◆ WHAT IS REQUIRED: Only a slice of the listing below is wanted. Retype the lines from the one containing "396 61 423 33" through the one containing "1 1 74 -33 161", exactly, both ends included.
Start of GIVEN RECORDS
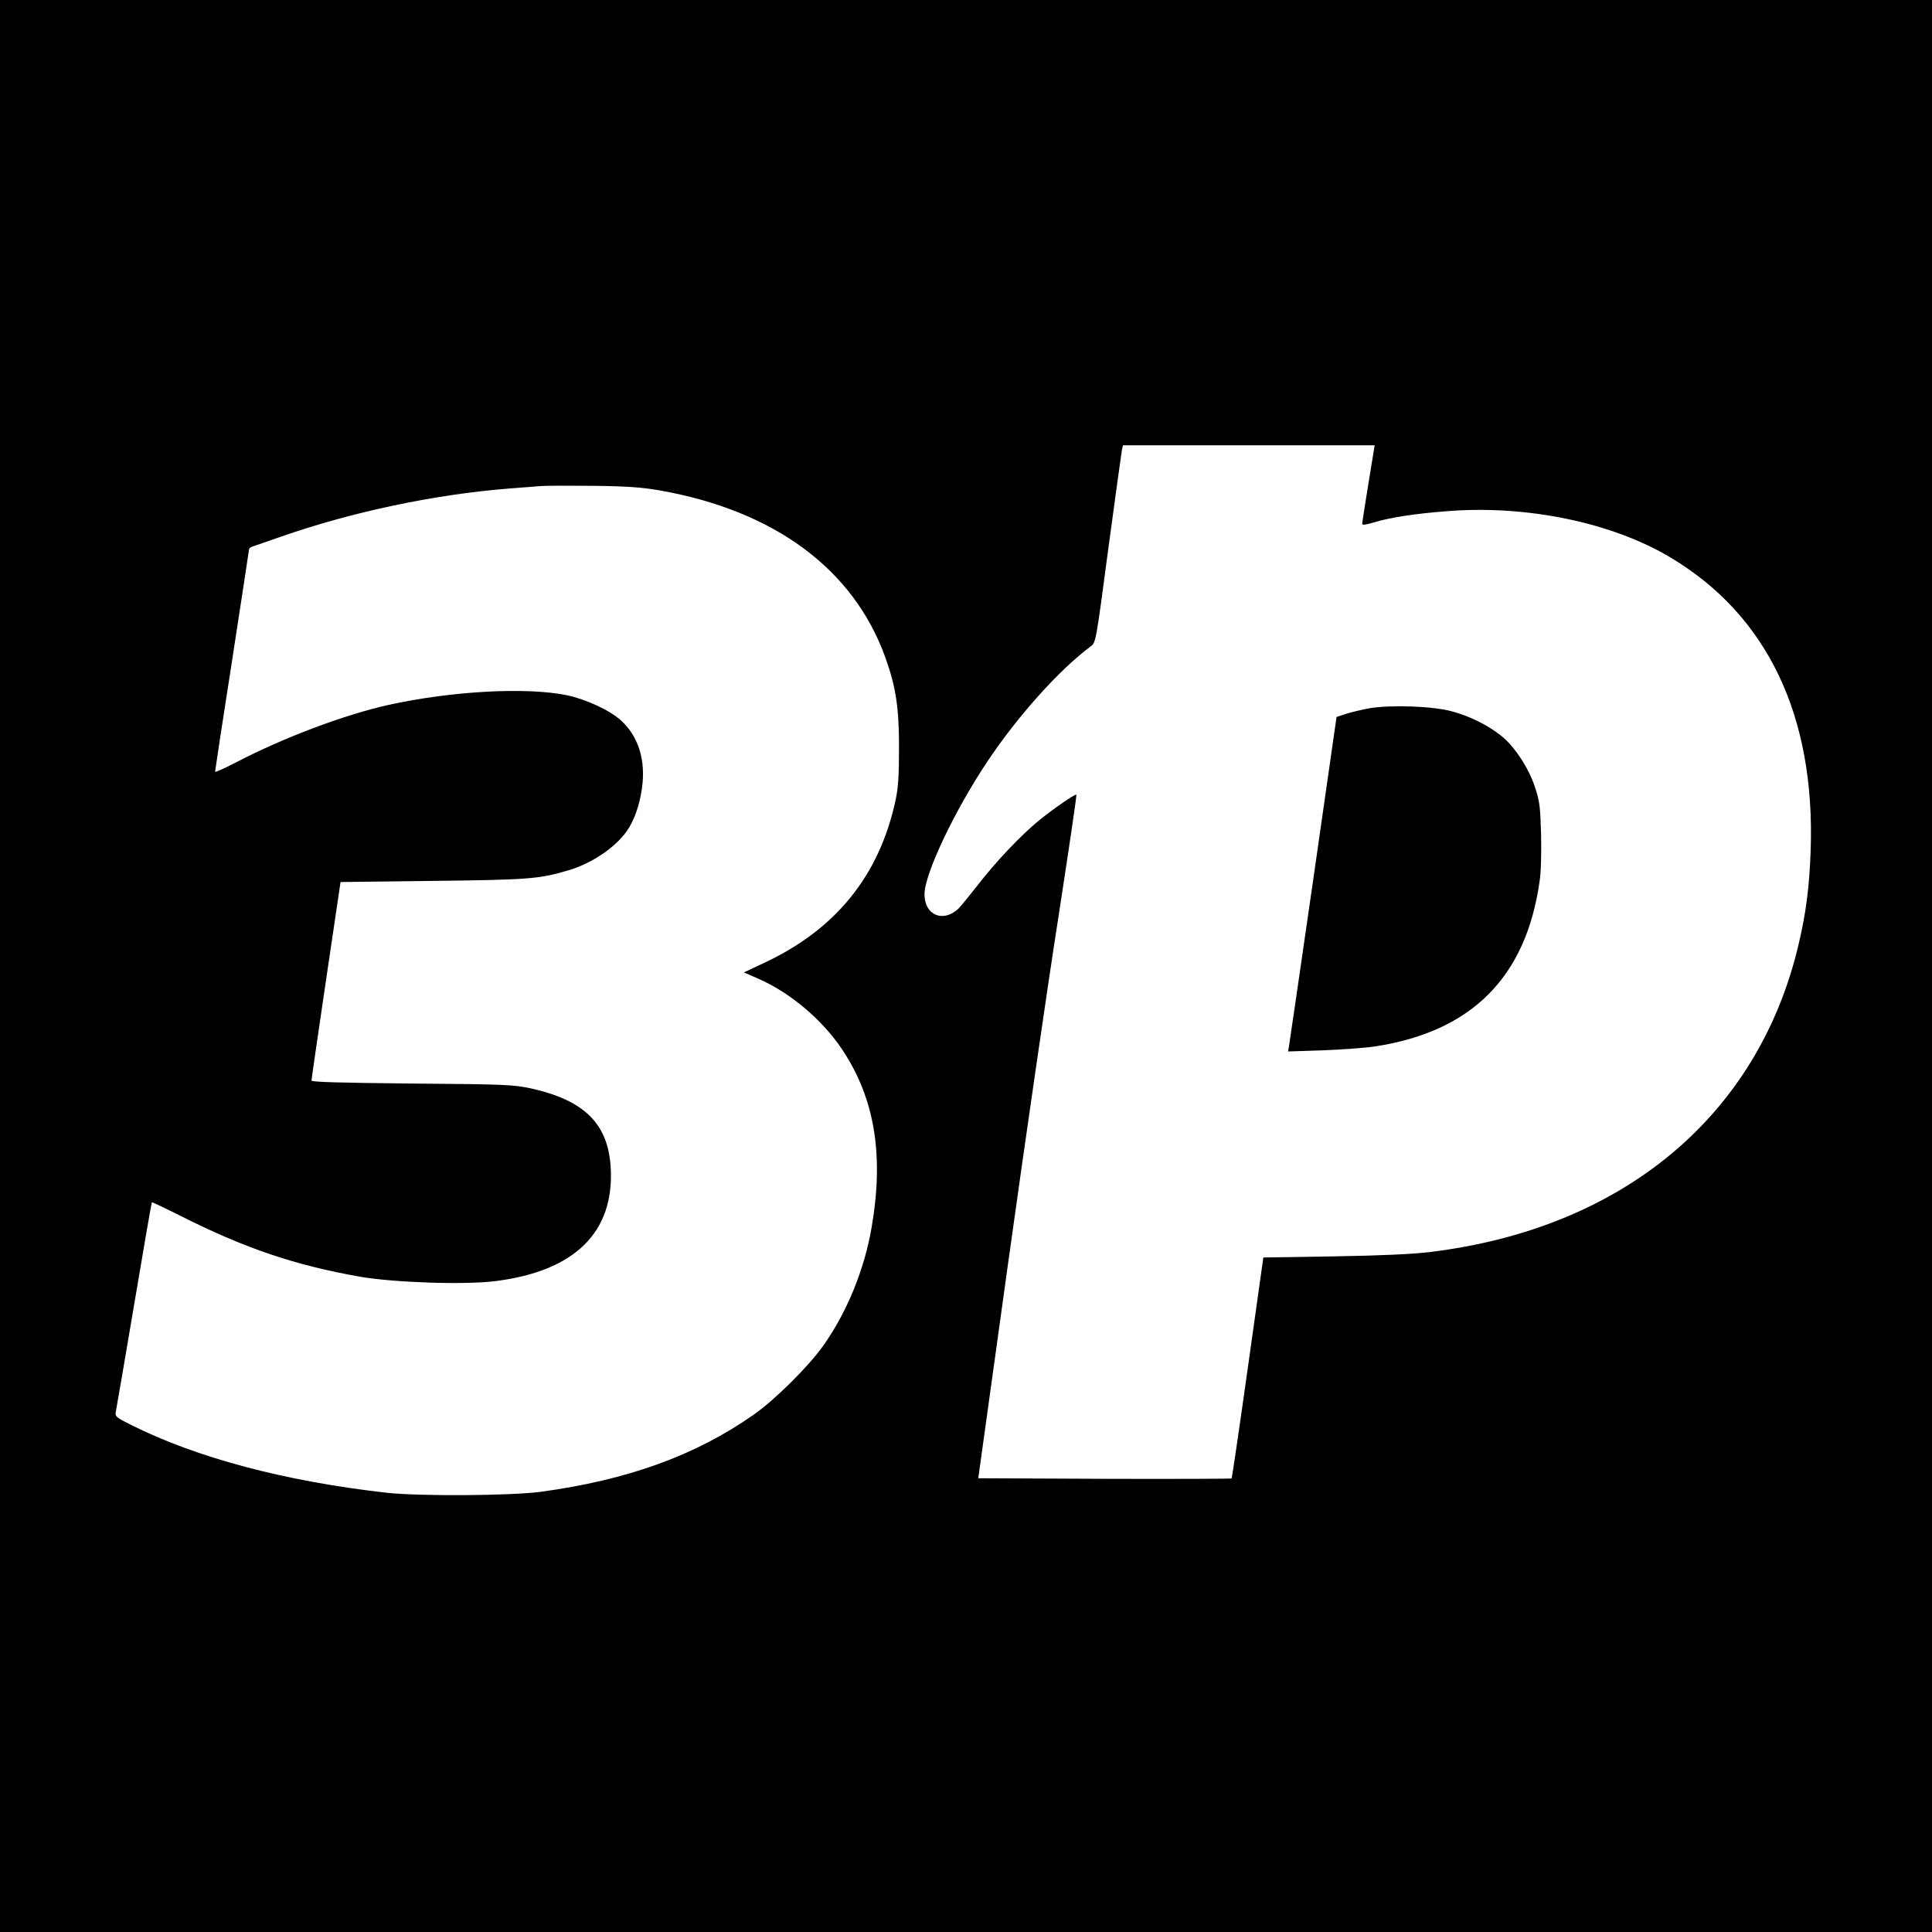 <?xml version="1.0" standalone="no"?>
<!DOCTYPE svg PUBLIC "-//W3C//DTD SVG 20010904//EN"
 "http://www.w3.org/TR/2001/REC-SVG-20010904/DTD/svg10.dtd">
<svg version="1.0" xmlns="http://www.w3.org/2000/svg"
 width="1024pt" height="1024pt" viewBox="0 0 1024 1024"
 preserveAspectRatio="xMidYMid meet">
<g transform="translate(0,1024) scale(0.1,-0.1)"
fill="#000000" stroke="none">
<path d="M0 5120 l0 -5120 5120 0 5120 0 0 5120 0 5120 -5120 0 -5120 0 0
-5120z m7253 2558 c-18 -112 -33 -208 -33 -214 0 -8 18 -6 58 6 86 27 224 48
396 61 423 33 874 -62 1182 -247 511 -306 765 -837 741 -1549 -7 -196 -24
-330 -64 -500 -213 -908 -931 -1507 -1954 -1631 -88 -11 -261 -19 -508 -23
l-375 -6 -82 -583 c-45 -321 -84 -585 -86 -588 -3 -2 -306 -3 -674 -2 l-669 3
161 1160 c89 638 207 1452 263 1809 55 358 99 652 96 654 -5 6 -120 -73 -200
-138 -93 -76 -228 -218 -325 -344 -43 -55 -89 -111 -101 -123 -82 -75 -179
-33 -179 77 0 108 159 443 334 705 161 241 381 486 548 610 26 20 27 23 92
515 37 272 69 507 72 523 l6 27 667 0 667 0 -33 -202z m-3758 -37 c610 -107
1030 -418 1198 -887 55 -154 72 -262 72 -474 0 -151 -4 -214 -18 -280 -86
-401 -317 -687 -700 -865 l-104 -49 73 -32 c171 -74 342 -218 448 -377 172
-258 222 -558 156 -941 -38 -224 -131 -452 -257 -629 -78 -110 -257 -288 -371
-367 -307 -215 -668 -345 -1127 -407 -162 -21 -640 -24 -815 -5 -541 61 -1010
186 -1358 361 -78 39 -83 44 -78 69 3 15 47 270 97 567 50 297 92 541 94 543
1 1 74 -33 161 -77 337 -169 601 -258 943 -318 179 -31 557 -44 718 -23 420
53 629 259 610 600 -13 233 -139 358 -422 421 -94 20 -130 22 -632 26 -394 4
-533 8 -532 16 0 7 35 246 77 532 l77 520 490 6 c507 6 561 10 714 55 136 39
272 135 328 232 35 59 61 147 69 234 12 135 -28 250 -114 329 -57 53 -186 113
-287 134 -213 44 -608 23 -945 -51 -234 -52 -562 -175 -817 -309 -57 -29 -103
-50 -103 -45 0 4 40 269 90 588 49 320 90 585 90 590 0 5 8 12 18 15 9 3 76
26 147 51 377 132 811 224 1205 256 74 6 155 12 180 14 25 2 149 2 275 1 179
-2 256 -8 350 -24z"/>
<path d="M7258 6486 c-42 -8 -98 -21 -125 -30 l-49 -16 -123 -858 c-68 -471
-126 -870 -129 -886 l-5 -29 184 6 c101 4 227 13 279 21 511 79 798 367 870
874 8 50 10 148 8 250 -4 147 -8 177 -32 249 -33 102 -109 217 -179 273 -70
56 -168 105 -263 130 -102 28 -325 35 -436 16z"/>
</g>
</svg>
End of GIVEN RECORDS
◆ TASK ANSWER:
396 61 423 33 874 -62 1182 -247 511 -306 765 -837 741 -1549 -7 -196 -24
-330 -64 -500 -213 -908 -931 -1507 -1954 -1631 -88 -11 -261 -19 -508 -23
l-375 -6 -82 -583 c-45 -321 -84 -585 -86 -588 -3 -2 -306 -3 -674 -2 l-669 3
161 1160 c89 638 207 1452 263 1809 55 358 99 652 96 654 -5 6 -120 -73 -200
-138 -93 -76 -228 -218 -325 -344 -43 -55 -89 -111 -101 -123 -82 -75 -179
-33 -179 77 0 108 159 443 334 705 161 241 381 486 548 610 26 20 27 23 92
515 37 272 69 507 72 523 l6 27 667 0 667 0 -33 -202z m-3758 -37 c610 -107
1030 -418 1198 -887 55 -154 72 -262 72 -474 0 -151 -4 -214 -18 -280 -86
-401 -317 -687 -700 -865 l-104 -49 73 -32 c171 -74 342 -218 448 -377 172
-258 222 -558 156 -941 -38 -224 -131 -452 -257 -629 -78 -110 -257 -288 -371
-367 -307 -215 -668 -345 -1127 -407 -162 -21 -640 -24 -815 -5 -541 61 -1010
186 -1358 361 -78 39 -83 44 -78 69 3 15 47 270 97 567 50 297 92 541 94 543
1 1 74 -33 161 -77 337 -169 601 -258 943 -318 179 -31 557 -44 718 -23 420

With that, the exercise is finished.